Right. Even the current accidental limit, guest memory + 1 GiB, doesn't give any real guarantee about the guests working in the future: a simple QEMU upgrade could be enough to push memory usage past the current allowance and cause them to crash. Peter mentioned that just adding (a lot) more disks could actually be enough. Even for the host admin, setting the memory limits appropriately will always be a balancing act between making sure the host can swap out guests when pressured for memory and making sure the guests themselves can allocate the memory they need. Different use cases will call for different balances, and since there is no one-size-fits-all solution we shouldn't pretend that this complexity doesn't exist and hide it from the administrator. It's unfortunate that the current, buggy behavior made it look like you didn't necessarily have to worry about this. If we fix it, existing guests will fail to start right away instead of possibly crashing in the future: while that's going to be very annoying in the short run, it's arguably better than illuding people their guests will be good in the long run while in reality we can't provide such guarantee. Luiz mentioned the fact that you can't set the memory locking limit to "unlimited" with the current <hard_limit> element: that's something we can, and should, address. With that implemented, the administrator will have full control on the memory limit and will be able to implement the policy that best suits the use case at hand. -- Andrea Bolognani / Red Hat / Virtualization

Luiz Capitulino

2:54 p.m.

On Tue, 14 Mar 2017 19:40:38 +0100 Andrea Bolognani <abologna(a)redhat.com> wrote:

...

It's unfortunate that the current, buggy behavior made it look like you didn't necessarily have to worry about this. If we fix it, existing guests will fail to start right away instead of possibly crashing in the future: while that's going to be very annoying in the short run,

It breaks existing guests, so it's beyond annoying.

...

it's arguably better than illuding people their guests will be good in the long run while in reality we can't provide such guarantee. Luiz mentioned the fact that you can't set the memory locking limit to "unlimited" with the current <hard_limit> element: that's something we can, and should, address. With that implemented, the administrator will have full control on the memory limit and will be able to implement the policy that best suits the use case at hand.

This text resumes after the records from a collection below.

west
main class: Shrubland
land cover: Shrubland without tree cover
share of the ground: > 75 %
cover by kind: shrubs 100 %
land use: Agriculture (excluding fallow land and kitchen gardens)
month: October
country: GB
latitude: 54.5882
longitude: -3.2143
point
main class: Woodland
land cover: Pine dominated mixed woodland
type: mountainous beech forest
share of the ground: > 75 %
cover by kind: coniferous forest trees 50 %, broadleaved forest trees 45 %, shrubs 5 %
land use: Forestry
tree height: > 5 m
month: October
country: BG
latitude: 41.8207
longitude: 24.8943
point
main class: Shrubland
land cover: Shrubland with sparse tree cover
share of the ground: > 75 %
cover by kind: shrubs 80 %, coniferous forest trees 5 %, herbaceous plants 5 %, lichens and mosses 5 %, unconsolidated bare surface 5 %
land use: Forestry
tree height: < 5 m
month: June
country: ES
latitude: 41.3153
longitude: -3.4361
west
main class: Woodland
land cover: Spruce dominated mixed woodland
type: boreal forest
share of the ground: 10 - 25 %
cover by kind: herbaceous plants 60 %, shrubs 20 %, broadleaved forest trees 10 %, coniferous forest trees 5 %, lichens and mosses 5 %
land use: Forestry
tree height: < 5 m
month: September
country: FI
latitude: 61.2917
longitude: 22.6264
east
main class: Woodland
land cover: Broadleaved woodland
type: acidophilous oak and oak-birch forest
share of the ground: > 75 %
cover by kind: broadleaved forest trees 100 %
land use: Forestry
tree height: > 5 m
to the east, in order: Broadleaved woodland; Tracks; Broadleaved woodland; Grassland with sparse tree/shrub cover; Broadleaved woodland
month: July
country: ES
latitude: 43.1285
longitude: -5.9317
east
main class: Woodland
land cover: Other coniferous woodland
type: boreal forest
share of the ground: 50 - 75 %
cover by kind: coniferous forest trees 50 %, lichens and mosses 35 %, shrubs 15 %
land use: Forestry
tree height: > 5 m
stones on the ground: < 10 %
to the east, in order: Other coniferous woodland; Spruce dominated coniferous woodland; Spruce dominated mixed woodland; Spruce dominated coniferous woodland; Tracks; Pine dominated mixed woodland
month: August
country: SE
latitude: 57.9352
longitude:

Asking <locked/> users to set <hard_limit> to "unlimited" is a much worse solution than automatically setting the memory lock limit to infinity in libvirt, for the reasons I outlined in my first email. PS: Still, we should have "unlimited" support for <hard_limit>

Andrea Bolognani

3:28 p.m.

On Tue, 2017-03-14 at 14:54 -0400, Luiz Capitulino wrote:

...

> It's unfortunate that the current, buggy behavior made > it look like you didn't necessarily have to worry about > this. If we fix it, existing guests will fail to start > right away instead of possibly crashing in the future: > while that's going to be very annoying in the short run, It breaks existing guests, so it's beyond annoying.

Existing guests are already broken, it's just that the breakage has not hit them yet ;)

...

> Luiz mentioned the fact that you can't set the memory > locking limit to "unlimited" with the current <hard_limit> > element: that's something we can, and should, address. > With that implemented, the administrator will have full > control on the memory limit and will be able to implement > the policy that best suits the use case at hand. Asking <locked/> users to set <hard_limit> to "unlimited" is a much worse solution than automatically setting the memory lock limit to infinity in libvirt, for the reasons I outlined in my first email.

Removing all memory locking limits should be something that admins very carefully opt-in into, because of the potential host DoS consequences. Certainly not the default. That's the same with /etc/security/limits.conf, where the default memory locking limit is extremely low (64 KiB) and the admin can decide to raise it or even remove it entirely if needed.

...

PS: Still, we should have "unlimited" support for <hard_limit>

Definitely. -- Andrea Bolognani / Red Hat / Virtualization

Luiz Capitulino

3:54 p.m.

On Tue, 14 Mar 2017 20:28:12 +0100 Andrea Bolognani <abologna(a)redhat.com> wrote:

...

On Tue, 2017-03-14 at 14:54 -0400, Luiz Capitulino wrote: > > It's unfortunate that the current, buggy behavior made > > it look like you didn't necessarily have to worry about > > this. If we fix it, existing guests will fail to start > > right away instead of possibly crashing in the future: > > while that's going to be very annoying in the short run, > > It breaks existing guests, so it's beyond annoying. Existing guests are already broken, it's just that the breakage has not hit them yet ;)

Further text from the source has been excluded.